Joel Malone, co-founder of  Bishop Cider Co., says he won't have a good idea of when they will re-open until he can talk to city officials on Tuesday (as offices will be closed Monday for New Year's Day). He says that when the Cidercade received its Certificate of Occupancy, the city said that they didn't need fire sprinklers. Now, apparently, minds have been changed.

"The problem is that a lot of times when dealing with the city of Dallas, people in different departments tell you contradictory things, so it's almost as if the left hand doesn't always know what the right hand is doing," he says. "So it's just a matter of trying to figure exactly what we need to do. One person says you don't need to do something and then later someone else shows up and says, 'No, you do have to do that.' So we just need to get everything straightened out.

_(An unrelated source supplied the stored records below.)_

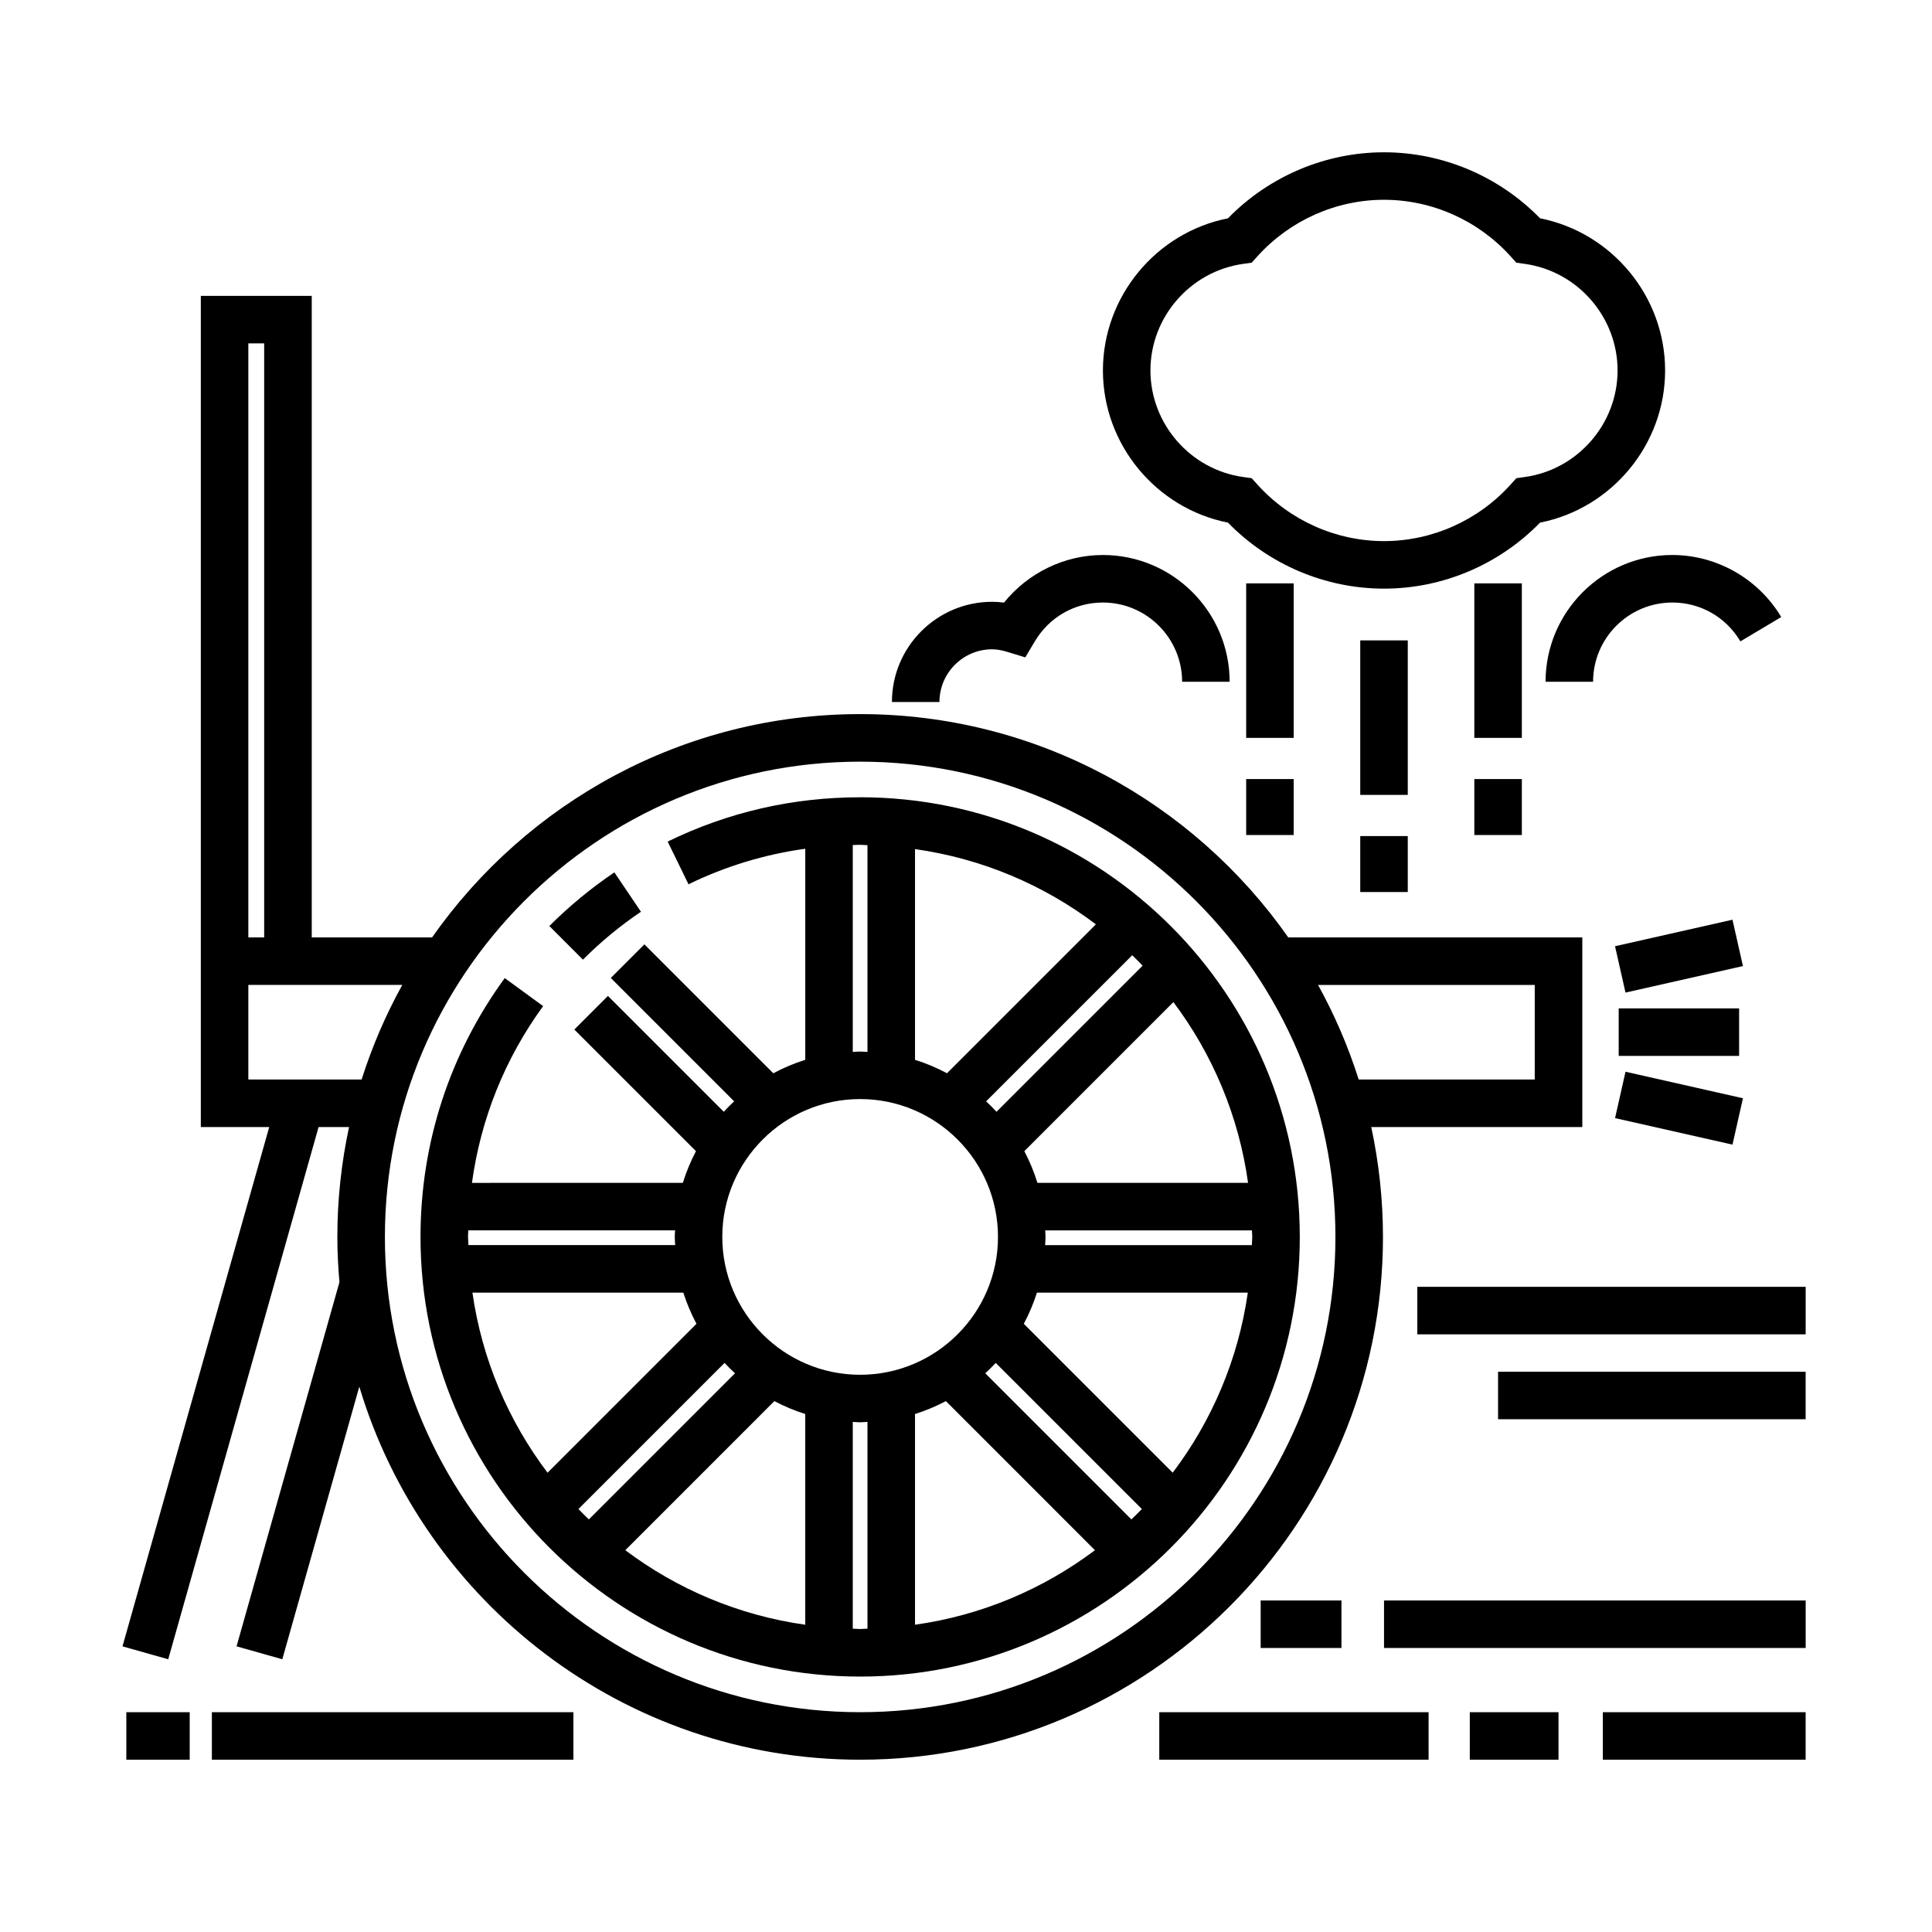<?xml version="1.0" encoding="UTF-8"?>
<!-- Uploaded to: ICON Repo, www.iconrepo.com, Generator: ICON Repo Mixer Tools -->
<svg fill="#000000" width="800px" height="800px" version="1.1" viewBox="144 144 512 512" xmlns="http://www.w3.org/2000/svg">
 <g>
  <path d="m510.5 471.8c0-9.992-1.09-19.723-3.102-29.121h55.93v-50.254h-77.922c-25.082-35.746-66.57-59.18-113.45-59.18s-88.375 23.434-113.45 59.172h-31.891v-170.01h-29.395v220.27h18.129l-38.887 137.62 12.121 3.426 39.848-141.05h8.074c-2.019 9.395-3.102 19.129-3.102 29.121 0 4.039 0.211 8.035 0.555 11.992l-27.266 96.508 12.121 3.426 20.41-72.246c17.109 57.113 70.121 98.867 132.73 98.867 76.398 0 138.55-62.156 138.55-138.55zm40.223-66.781v25.066h-46.656c-2.769-8.762-6.398-17.148-10.77-25.066zm-340.91-170.02h4.195v157.42h-4.195zm0 195.08v-25.066h40.797c-4.375 7.918-8 16.305-10.777 25.066zm162.14 167.67c-69.449 0-125.95-56.504-125.95-125.95s56.504-125.95 125.95-125.95 125.95 56.504 125.95 125.95c-0.004 69.449-56.504 125.95-125.95 125.95z"/>
  <path d="m371.95 355.29c-17.891 0-35.051 3.949-51.012 11.734l5.523 11.32c9.844-4.801 20.207-7.926 30.945-9.418v55.941c-2.957 0.918-5.785 2.121-8.473 3.559l-34.16-34.16-8.906 8.906 32.691 32.691c-0.953 0.887-1.867 1.809-2.75 2.769l-30.703-30.703-8.906 8.906 32.238 32.234c-1.402 2.672-2.574 5.473-3.473 8.398l-55.895 0.008c2.324-16.902 8.688-32.891 18.867-46.844l-10.176-7.422c-14.602 20.016-22.324 43.734-22.324 68.594 0 64.246 52.27 116.51 116.51 116.51s116.51-52.266 116.51-116.51c-0.004-64.246-52.266-116.52-116.51-116.52zm103.91 116.51c0 0.73-0.098 1.441-0.109 2.172h-54.785c0.031-0.727 0.109-1.438 0.109-2.172 0-0.586-0.066-1.152-0.086-1.734h54.785c0.004 0.586 0.086 1.148 0.086 1.734zm-32.031 74.859-38.719-38.723c0.957-0.883 1.883-1.793 2.769-2.75l38.723 38.723c-0.91 0.938-1.832 1.848-2.773 2.75zm-146.54-2.75 38.723-38.723c0.887 0.953 1.809 1.867 2.769 2.75l-38.723 38.723c-0.941-0.902-1.867-1.812-2.769-2.75zm31.281-49.09-39.465 39.465c-10.348-13.684-17.367-29.965-19.906-47.715h55.887c0.914 2.867 2.09 5.629 3.484 8.25zm20.645 20.492c2.606 1.367 5.332 2.527 8.184 3.414v55.848c-17.73-2.5-33.996-9.465-47.688-19.754zm-13.801-43.512c0-20.148 16.391-36.535 36.531-36.535s36.531 16.391 36.531 36.535c0 20.141-16.391 36.531-36.531 36.531-20.145 0-36.531-16.391-36.531-36.531zm111.39-71.883-38.723 38.719c-0.883-0.957-1.793-1.883-2.75-2.769l38.719-38.719c0.941 0.902 1.852 1.828 2.754 2.769zm-51.844 28.508c-2.691-1.438-5.516-2.641-8.473-3.559v-55.844c17.836 2.516 34.195 9.547 47.934 19.941zm-0.289 86.887 39.504 39.508c-13.688 10.289-29.961 17.254-47.688 19.754v-55.848c2.852-0.883 5.578-2.047 8.184-3.414zm20.645-20.492c1.395-2.621 2.574-5.379 3.481-8.258h55.887c-2.543 17.75-9.559 34.031-19.906 47.715zm3.613-37.348c-0.898-2.926-2.07-5.734-3.473-8.402l39.504-39.504c10.332 13.75 17.316 30.094 19.789 47.906zm-48.938-89.531c0.648-0.012 1.293-0.055 1.949-0.055 0.66 0 1.293 0.086 1.949 0.102v54.785c-0.648-0.023-1.293-0.102-1.949-0.102s-1.301 0.074-1.949 0.102zm-47.09 102.12c-0.02 0.578-0.086 1.148-0.086 1.734 0 0.73 0.074 1.445 0.109 2.172h-54.785c-0.016-0.73-0.109-1.438-0.109-2.172 0-0.578 0.055-1.152 0.066-1.734zm47.09 105.55v-54.793c0.648 0.023 1.293 0.102 1.949 0.102s1.301-0.07 1.949-0.102v54.789c-0.656 0.012-1.293 0.102-1.949 0.102-0.652 0-1.293-0.086-1.949-0.098z"/>
  <path d="m313.86 385.62-7.047-10.434c-6.168 4.168-11.965 8.949-17.234 14.219l8.906 8.914c4.699-4.715 9.871-8.98 15.375-12.699z"/>
  <path d="m572.97 411.23h31.91v12.594h-31.91z"/>
  <path d="m572 394.76 31.125-7.027 2.773 12.285-31.125 7.027z"/>
  <path d="m605.9 435.05-2.773 12.289-31.121-7.027 2.773-12.289z"/>
  <path d="m451.22 597.75h71.371v12.594h-71.371z"/>
  <path d="m533.51 597.75h23.512v12.594h-23.512z"/>
  <path d="m568.77 597.75h53.742v12.594h-53.742z"/>
  <path d="m200.15 597.75h95.805v12.594h-95.805z"/>
  <path d="m177.48 597.75h16.793v12.594h-16.793z"/>
  <path d="m469.42 282.5c10.867 11.145 25.816 17.496 41.359 17.496 15.539 0 30.484-6.348 41.352-17.496 19.051-3.773 33.141-20.715 33.141-40.324s-14.09-36.555-33.141-40.324c-10.867-11.145-25.816-17.492-41.352-17.492-15.539 0-30.484 6.348-41.352 17.492-19.051 3.773-33.141 20.715-33.141 40.328-0.004 19.602 14.09 36.547 33.133 40.32zm4.019-68.566 2.262-0.316 1.535-1.699c8.59-9.516 20.816-14.973 33.539-14.973 12.723 0 24.949 5.457 33.539 14.973l1.535 1.699 2.262 0.316c14 1.965 24.562 14.102 24.562 28.238s-10.559 26.273-24.562 28.238l-2.262 0.316-1.535 1.699c-8.59 9.516-20.816 14.973-33.539 14.973-12.727 0-24.949-5.457-33.539-14.973l-1.535-1.699-2.262-0.316c-14-1.965-24.562-14.102-24.562-28.238 0.004-14.133 10.562-26.273 24.562-28.238z"/>
  <path d="m504.48 313.71h12.594v40.945h-12.594z"/>
  <path d="m504.48 365.57h12.594v14.828h-12.594z"/>
  <path d="m534.71 298.6h12.594v40.945h-12.594z"/>
  <path d="m534.71 350.46h12.594v14.828h-12.594z"/>
  <path d="m474.25 298.6h12.594v40.945h-12.594z"/>
  <path d="m474.25 350.46h12.594v14.828h-12.594z"/>
  <path d="m406.93 316.07c1.199 0 2.488 0.223 4.062 0.699l4.719 1.441 2.527-4.242c3.84-6.445 10.586-10.293 18.035-10.293 11.578 0 21 9.422 21 21.004h12.594c0-18.523-15.07-33.598-33.594-33.598-10.195 0-19.863 4.742-26.199 12.617-1.066-0.145-2.117-0.215-3.144-0.215-14.645 0-26.562 11.914-26.562 26.555h12.594c0.004-7.707 6.273-13.969 13.969-13.969z"/>
  <path d="m553.59 324.68h12.594c0-11.582 9.422-21.004 21.004-21.004 7.453 0 14.199 3.848 18.035 10.293l10.82-6.445c-6.039-10.148-17.105-16.445-28.863-16.445-18.516 0.004-33.59 15.078-33.59 33.602z"/>
  <path d="m510.78 568.14h111.74v12.594h-111.74z"/>
  <path d="m478.09 568.14h21.41v12.594h-21.41z"/>
  <path d="m519.6 485.02h102.92v12.594h-102.92z"/>
  <path d="m541 507.52h81.512v12.594h-81.512z"/>
 </g>
</svg>

Peticolas Brewing Co. posted a similar message Sunday morning. "Due to unforeseen circumstances, the taproom is closed until further notice. We had a visit from the Fire Marshal last night and need to upgrade our building before reopening."

Both locations stress that they want to guarantee the safety of their employees and customers.

It's a disappointing way to end the year, for sure," says Michael Peticolas, owner of Peticolas Brewing Co. Because of the holiday weekend, he says he hasn't yet looked closely at the marshal's notice and doesn't have a timeframe for when they will re-open.

"The timing of it seemed odd," he says, given that the fire marshal arrived at 9:30 p.m. on a Saturday night, but "it's just another hurdle in a long, long journey. These obstacles come up. [What matters is] how you overcome the obstacles."


----------



## cda (Jan 1, 2018)

Than of course California has to lead the way:::


*Diaper changing stations*
Parents across the state will have an easier time sharing diaper duty in the future. Assembly Bill 1127 requires state and local agencies, as well as public venues such as movie theaters, grocery stores, sports arenas and restaurants, to provide at least one diaper-changing station accessible to women and men. The law applies to new construction or significant renovations of facilities.


I not sure what parents did before this???


----------



## mark handler (Jan 1, 2018)

Baby changing stations required, Only when the cost of the new construction or renovation is ten thousand dollars ($10,000) or more.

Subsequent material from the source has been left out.